If I’m flipping through the sports section reading about the most recent shameful defeat of the Cardinal football team and a dude in a jersey walks by, talking about the same game on his cell phone, I’m happy to chalk it up as basically insignificant. We both live in Louisville, the Cards lost a game and everybody knows it, and we are both predisposed to wonder about said game. Bam, you’re done. If I described this episode at all, I would call it a meaningless coincidence.
But consider a different incident. I rode my bike down the street recently and pulled up to a stoplight. As I did so I saw the profile of a girl who I was sure was a high school friend whom I’d not seen or spoken to in 6 years or more. It wasn’t her. No big whoop — similar facial structure and nothing more. I turned at the light, rode up a hill and my high school friend was walking up to the crosswalk just as I approached. Coincidence? Definitely. Several elements coincided. But the word just doesn’t do the work I need it to. The coincidence seemed meaningful and synchronized, and so the S word, synchronicity.
Carl Jung, who coined the term, would discount this event as something other than actual synchronicity, at which point I’d suplex his old ass with the Penguin Incident, and tell him to pipe down.
Between Kammerer, Koestler, Campbell, Jung and others, there is ample material to sift through, and I encourage it. The great part is that their work only buttresses what has been experienced by all, and which has been discussed by every culture I can think of throughout the ages. Namely, that weird things happen to people, and these things, though try as we may, cannot be explained unless we concede that our lives and our subconscious minds are bound to one another in ways that are not random. Jung described synchronicity as an “acausal connective phenomenon” that unifies us and our concepts of reality. Synchronistic events are the manifestation of Jung’s notion of the collective unconscious.
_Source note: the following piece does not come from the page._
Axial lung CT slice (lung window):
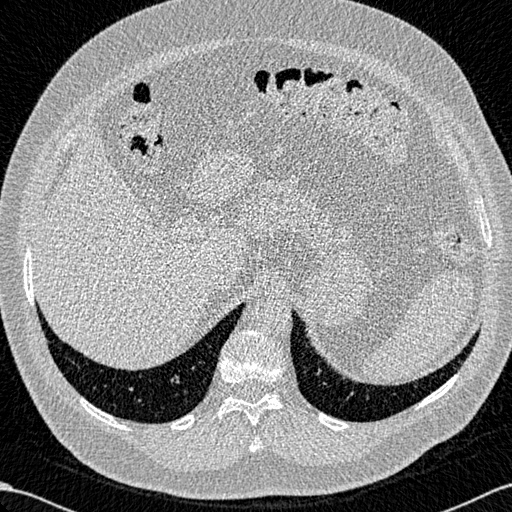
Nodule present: no

To inevitable detractors (specifically my friend E.C.), a simple and common occurrence should be considered. Have you ever thought of a person only to have them call you moments later? Does this happen often? Does it make you feel weird?
Eat it.
The inevitable question is, “What’s synchronicity good for?” Well, for guys like Jung (and shamans the world over) it’s good for all kinds of stuff, like forecasting death, impressing friends and colleagues, freaking out family members, etc. For working-class stiffs like us, though, it seems to be of little practical use, and rarely leads to a damn winning lotto number.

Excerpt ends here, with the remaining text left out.